- **Exercise aim**
Your copy of the data below must be exact and must leave out all pictures.

Records from a data collection
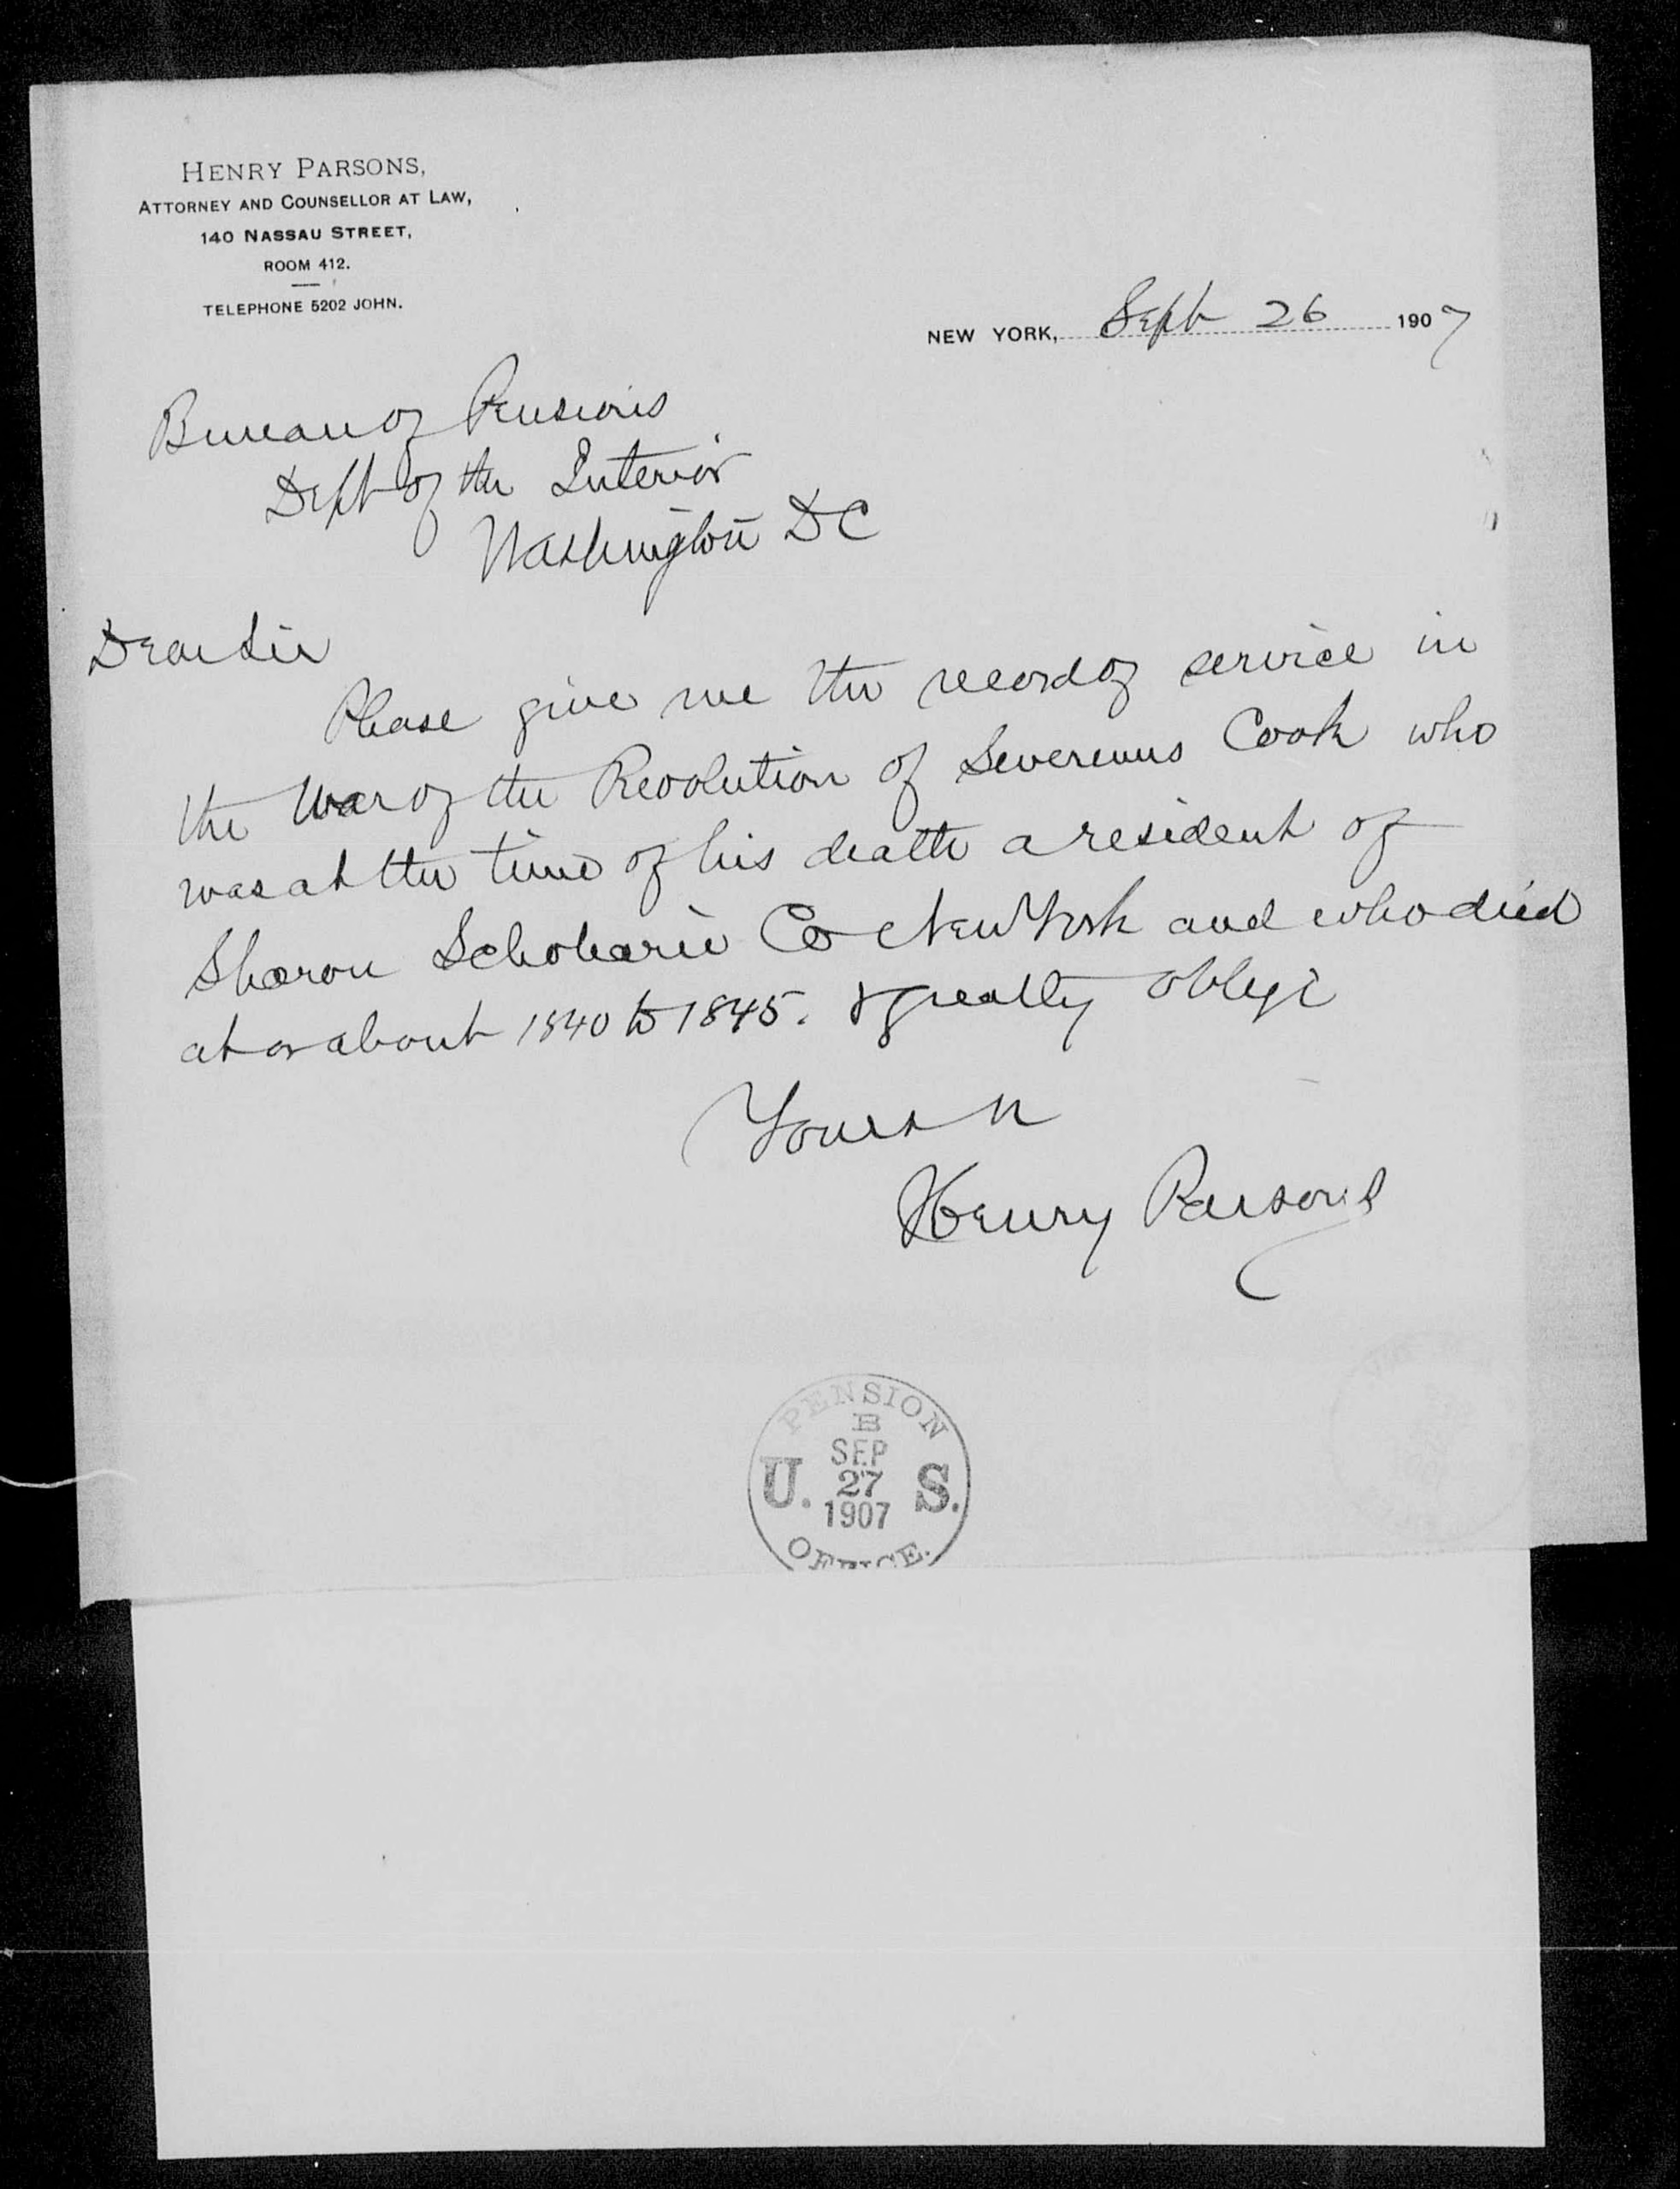HENRY PARSONS,
ATTORNEY AND COUNSELLOR AT LAW,
140 NASSAU STREET,
ROOM 412.
TELEPHONE 5202 JOHN.

Bureau of Pensions
Dept of the Interior
Washington DC

NEW YORK, Sept 26 1907

Dear Sir

Please give me the record of service in the War of the Revolution of Severinus Cook who was at the time of his death a resident of Sharon Schoharie Co New York and who died at or about 1840 to 1845. & greatly oblige
Yours
Henry Parsons

[stamped]

U.S. Pension Office
B
Sep 27 1907

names: Henry Parsons, Henry Parsons, Severinus Cook
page: 23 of 51
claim: survivor's
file: S. 12563, Severinus Cook, New York

- **Result of the exercise**
HENRY PARSONS,
ATTORNEY AND COUNSELLOR AT LAW,
140 NASSAU STREET,
ROOM 412.
TELEPHONE 5202 JOHN.

Bureau of Pensions
Dept of the Interior
Washington DC

NEW YORK, Sept 26 1907

Dear Sir

Please give me the record of service in the War of the Revolution of Severinus Cook who was at the time of his death a resident of Sharon Schoharie Co New York and who died at or about 1840 to 1845. & greatly oblige
Yours
Henry Parsons

[stamped]

U.S. Pension Office
B
Sep 27 1907

names: Henry Parsons, Henry Parsons, Severinus Cook
page: 23 of 51
claim: survivor's
file: S. 12563, Severinus Cook, New York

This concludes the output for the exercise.